Après la découverte des cyt P450 et de leur structure dans les années 50, les premiers modèles synthétiques sont apparus à la fin des années 70. L’objectif est alors de synthétiser des complexes modèles des sites actifs afin d’étudier la réactivité et produire des connaissances sur les mécanismes réactionnels de ces enzymes. Les complexes porphyriques de fer sont utilisés pour tenter de (i) reproduire les intermédiaires connus du cycle catalytique, (ii) reproduire l’activité d’oxydation de substrat organique des cyt P450.

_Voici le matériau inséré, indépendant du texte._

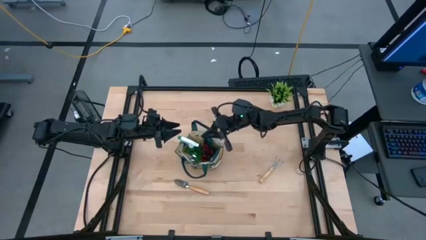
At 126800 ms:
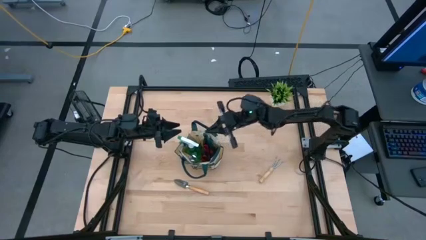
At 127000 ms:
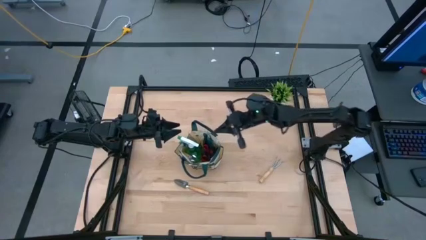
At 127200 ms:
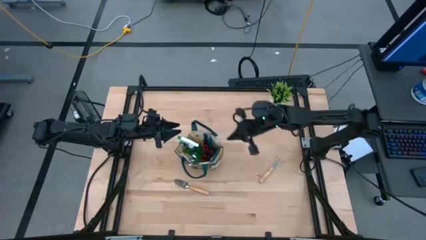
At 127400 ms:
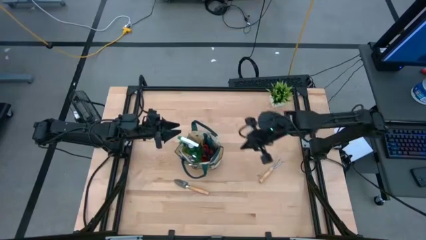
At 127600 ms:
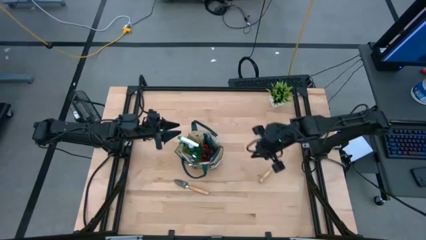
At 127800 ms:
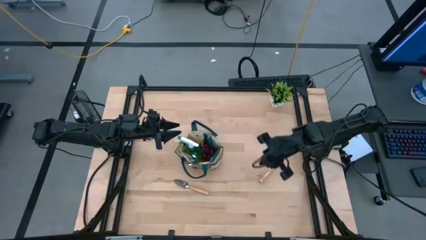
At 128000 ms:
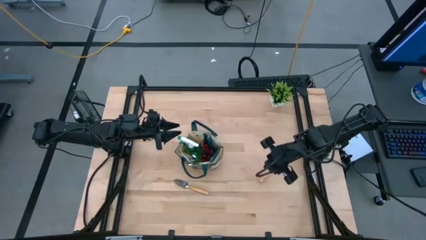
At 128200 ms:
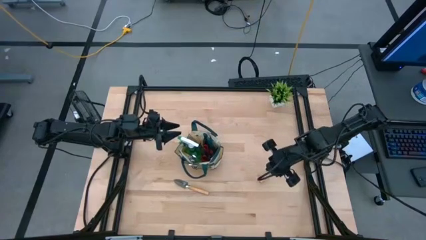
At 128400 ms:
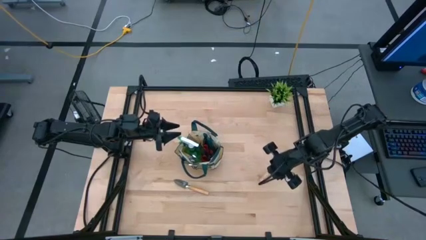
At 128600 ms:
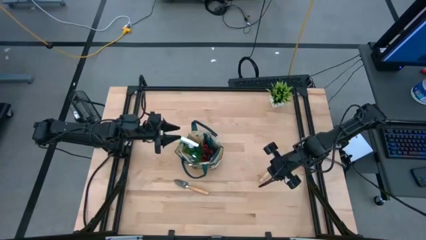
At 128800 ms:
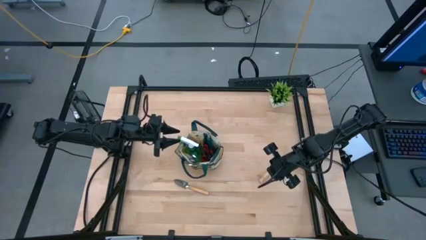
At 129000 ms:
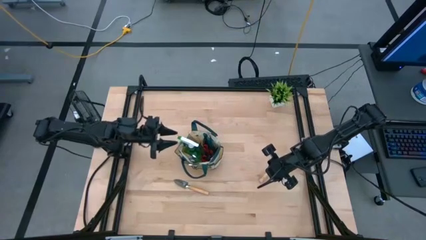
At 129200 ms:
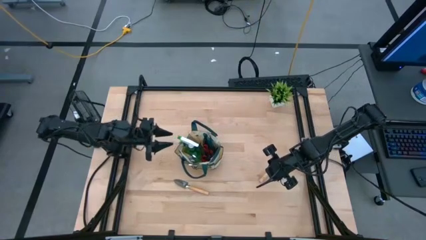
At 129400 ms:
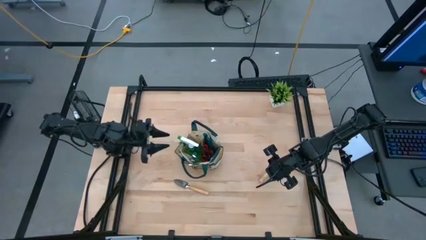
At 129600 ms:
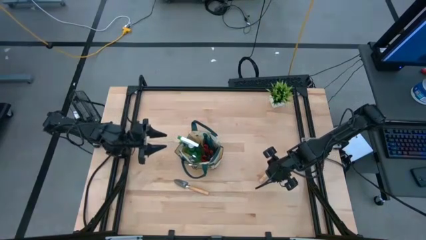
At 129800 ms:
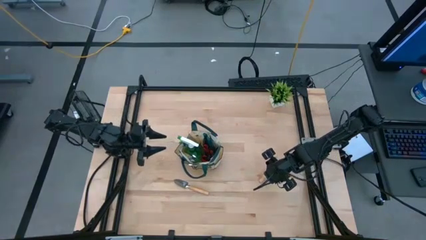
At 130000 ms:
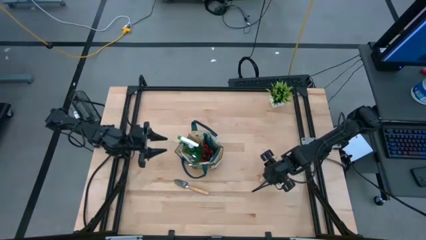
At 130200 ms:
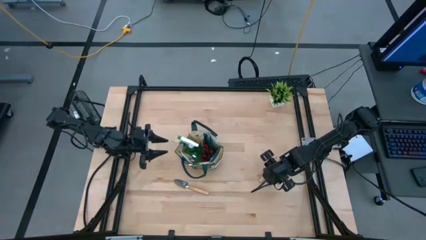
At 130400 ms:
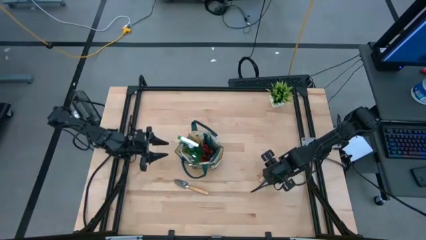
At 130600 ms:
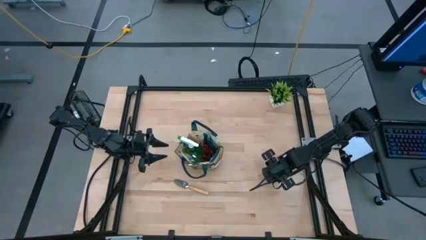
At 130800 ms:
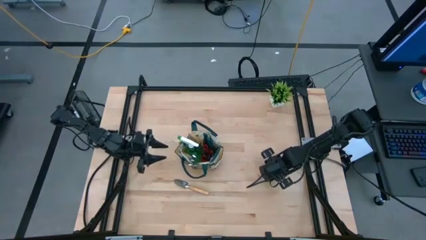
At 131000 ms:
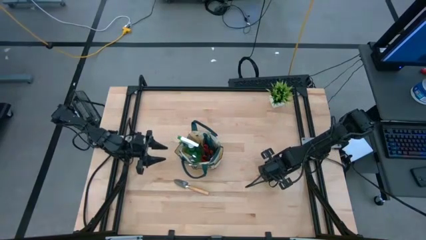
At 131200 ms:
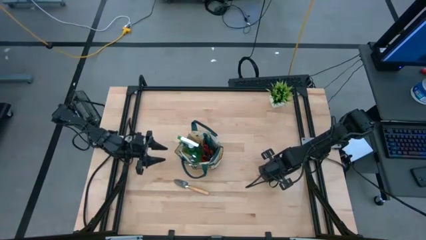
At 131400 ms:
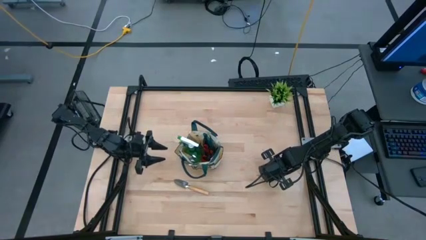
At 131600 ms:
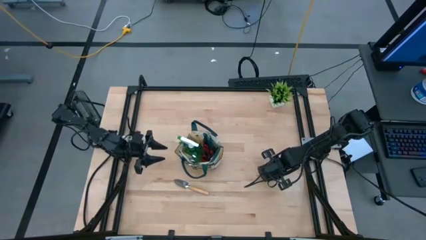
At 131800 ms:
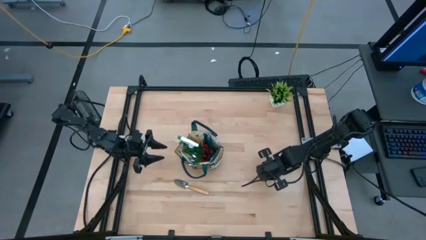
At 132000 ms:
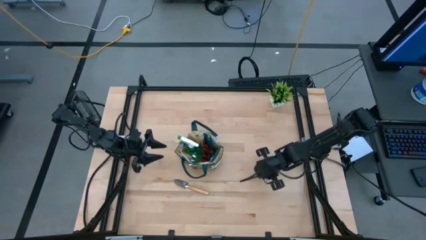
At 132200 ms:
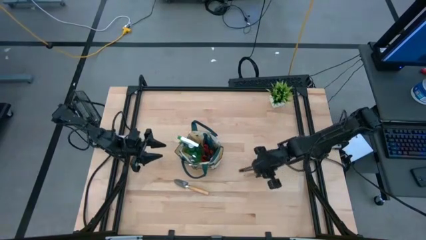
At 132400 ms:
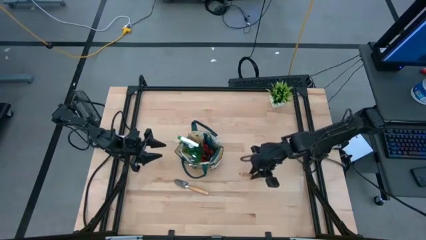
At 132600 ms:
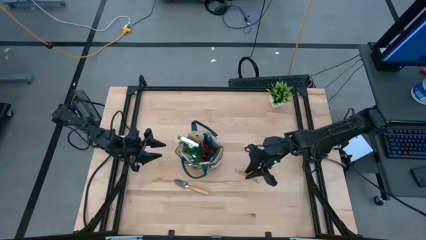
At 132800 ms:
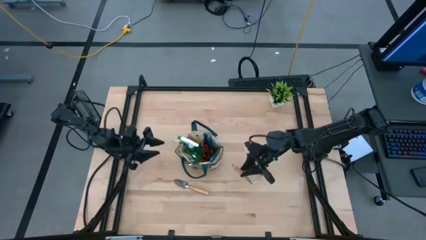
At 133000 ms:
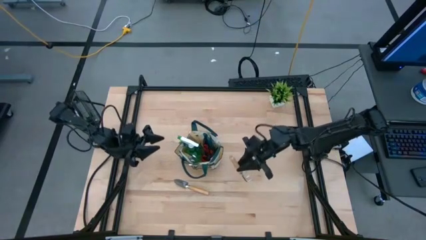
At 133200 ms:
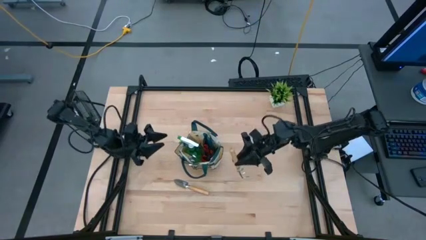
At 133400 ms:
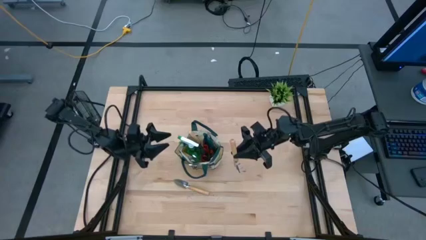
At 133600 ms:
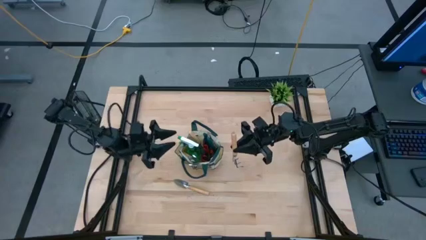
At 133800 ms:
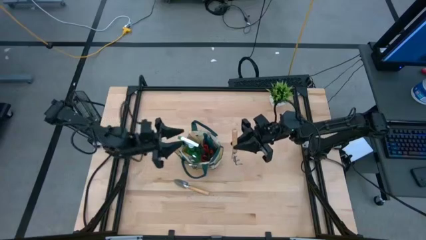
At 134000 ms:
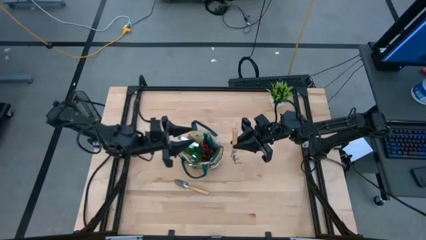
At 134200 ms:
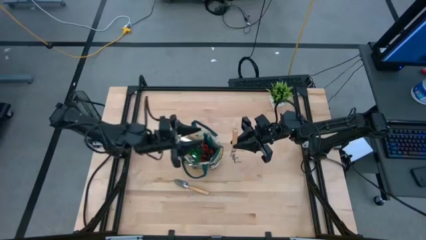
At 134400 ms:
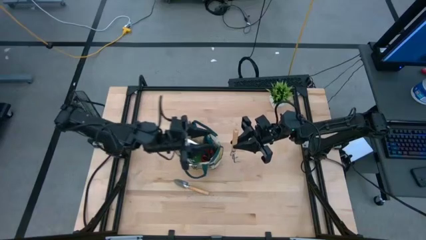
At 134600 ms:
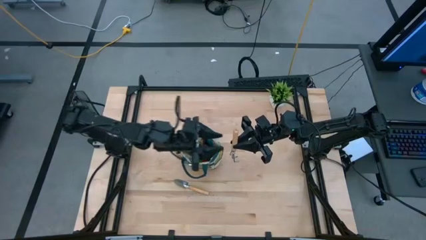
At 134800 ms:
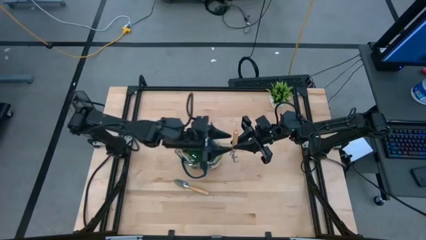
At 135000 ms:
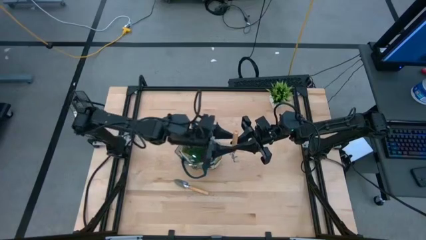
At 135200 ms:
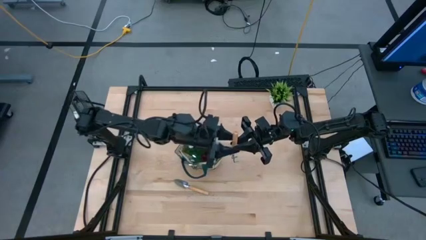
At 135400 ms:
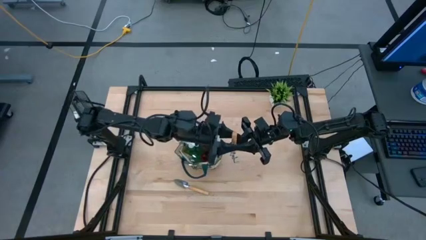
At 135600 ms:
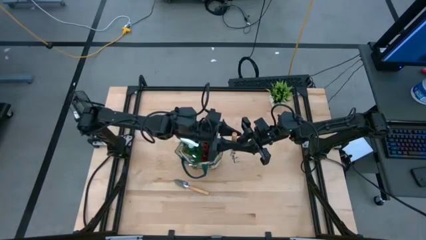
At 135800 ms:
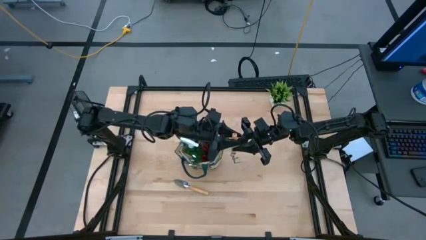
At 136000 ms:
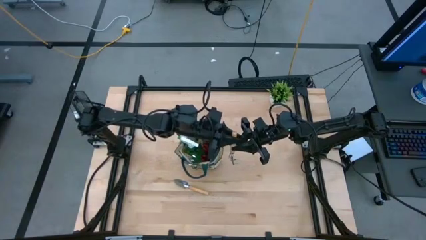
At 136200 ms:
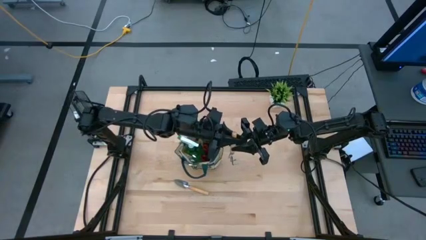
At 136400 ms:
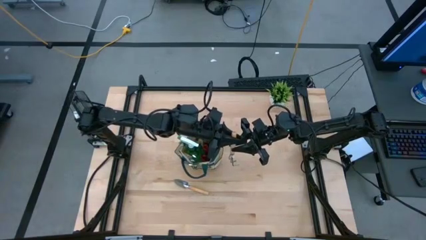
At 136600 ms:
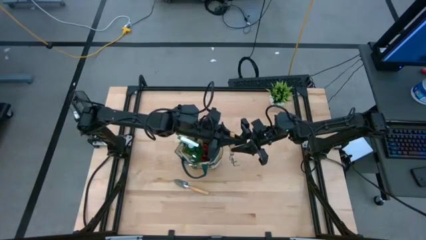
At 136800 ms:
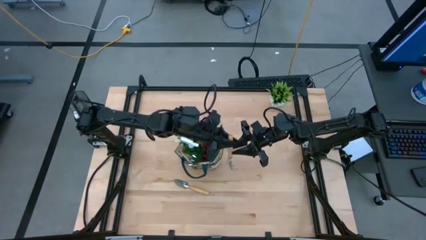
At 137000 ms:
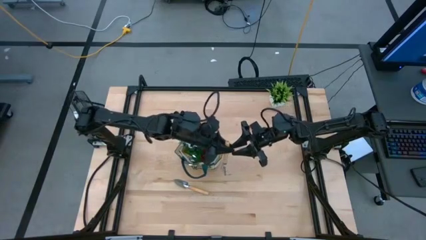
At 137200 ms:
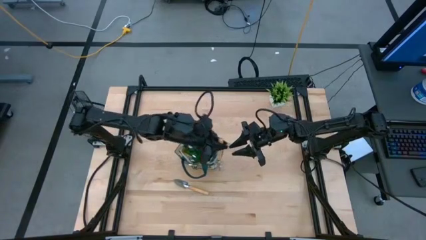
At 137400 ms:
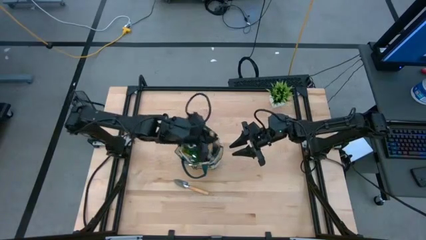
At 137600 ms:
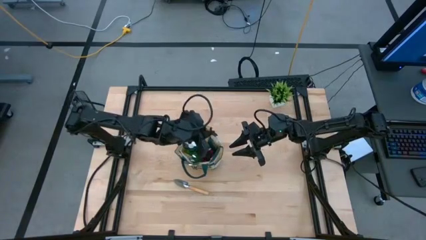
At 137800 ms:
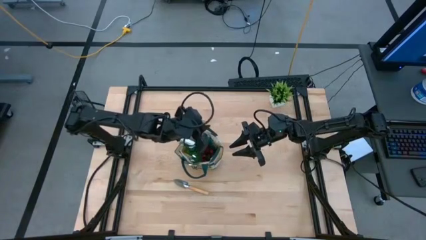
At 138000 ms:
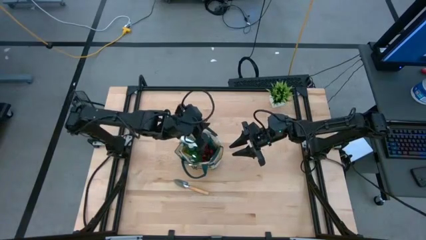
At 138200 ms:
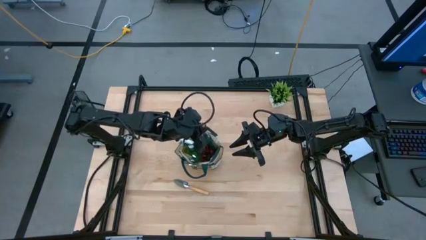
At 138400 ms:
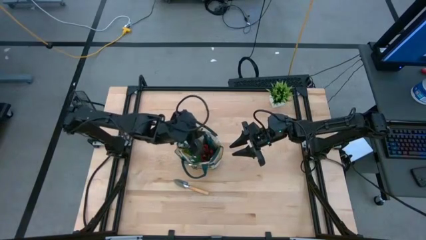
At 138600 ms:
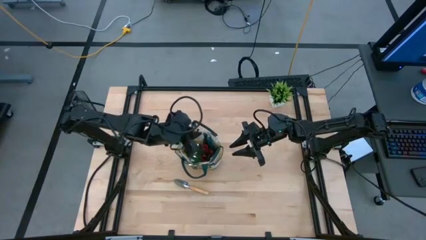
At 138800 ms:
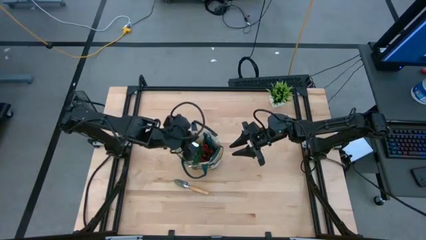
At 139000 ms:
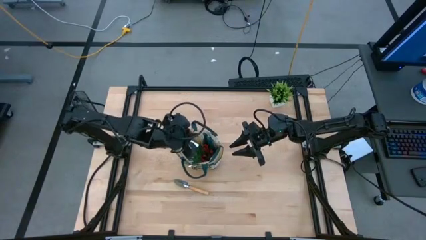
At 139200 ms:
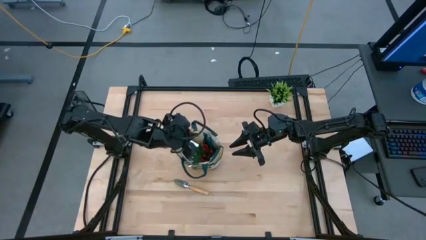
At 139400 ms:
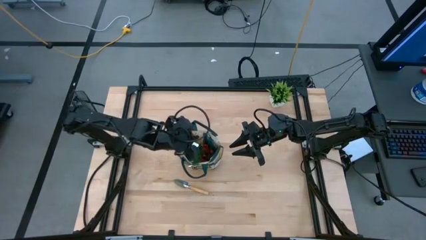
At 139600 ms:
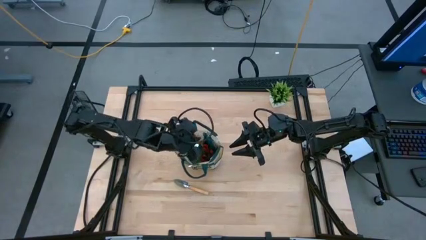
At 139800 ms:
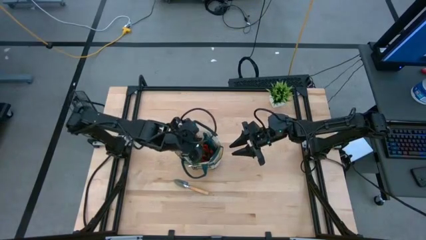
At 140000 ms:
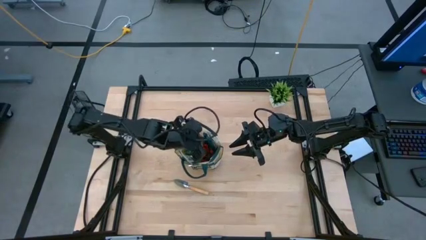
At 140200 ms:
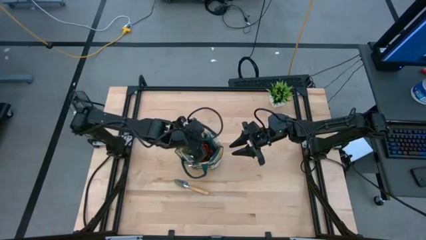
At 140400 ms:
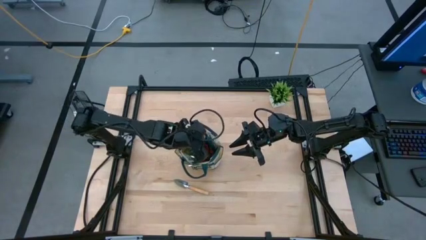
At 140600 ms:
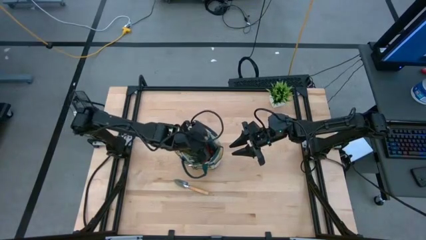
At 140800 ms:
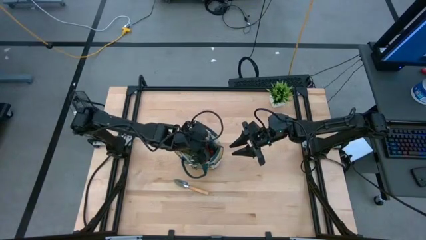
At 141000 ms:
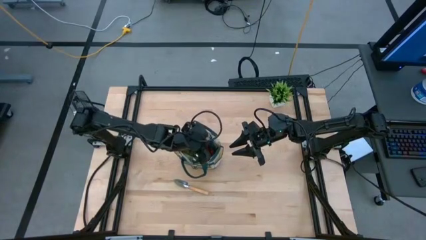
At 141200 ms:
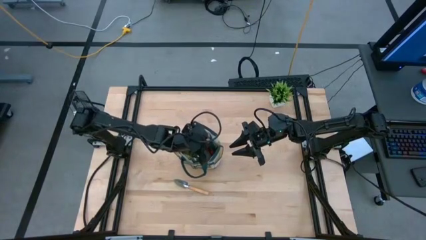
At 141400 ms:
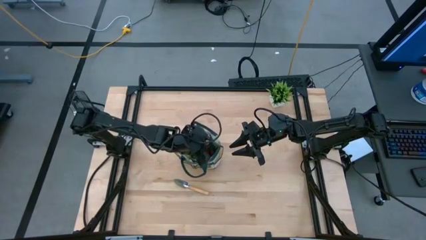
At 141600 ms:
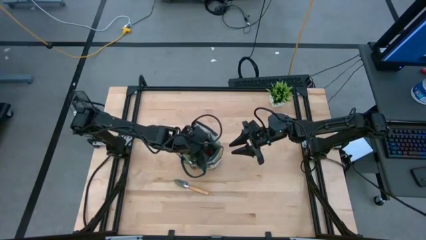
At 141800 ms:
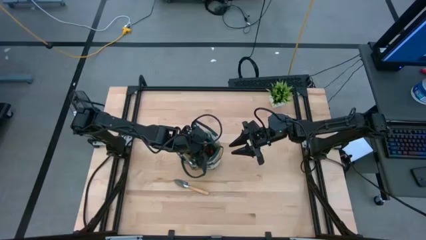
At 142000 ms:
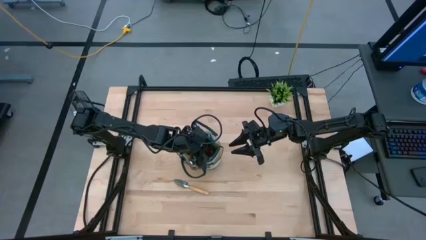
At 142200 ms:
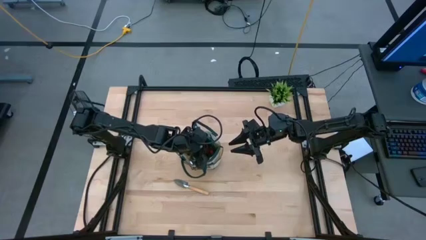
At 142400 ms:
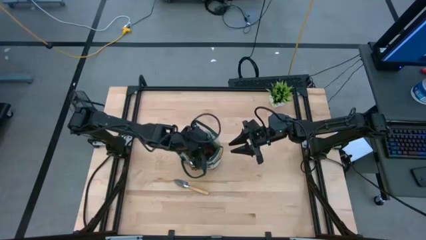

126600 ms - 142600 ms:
Task: Pick & Place Garden tools in Gardening bag
Put the brown hand rake into the gardening bag

Les premières porphyrines pentacoordinées comportant un ligand axial thiolate ont été obtenues en 1975 par Collman et Holm.46,47 Les caractéristiques spectrales (UV-Vis, RPE) obtenues avec ces complexes de type [Fe(P)(SR)] (SR groupement thiolate) sont très proches de celles enregistrées pour l’état Fe(III)SH pentacoordiné du cycle catalytique du cyt P450 (figure I-5) et constituent de bons modèles du site actif de l’enzyme.48

Figure I-9 : Porphyrines de Fer majoritairement utilisées comme modèle moléculaire des CytP450.(a) Structure de la protoporphyrin IX avec R1 CH=CH2 , R2 CH3 et R3 (CH2)2-COOH. (b) Structure de 5,10,15,20-tétraphénylporphyrine de Fer ,Fe(TPP) ; avec Ar groupement aryl.

Les premières études de réactivité des porphyrines de fer vis-à-vis de O2 sont réalisées dans le contexte de l’étude de transporteurs de O2, modèle de l’enzyme myoglobine. Il est alors montré que les porphyrines de Fe (II) peuvent réagir de façon réversible avec O2 (réaction 1.6)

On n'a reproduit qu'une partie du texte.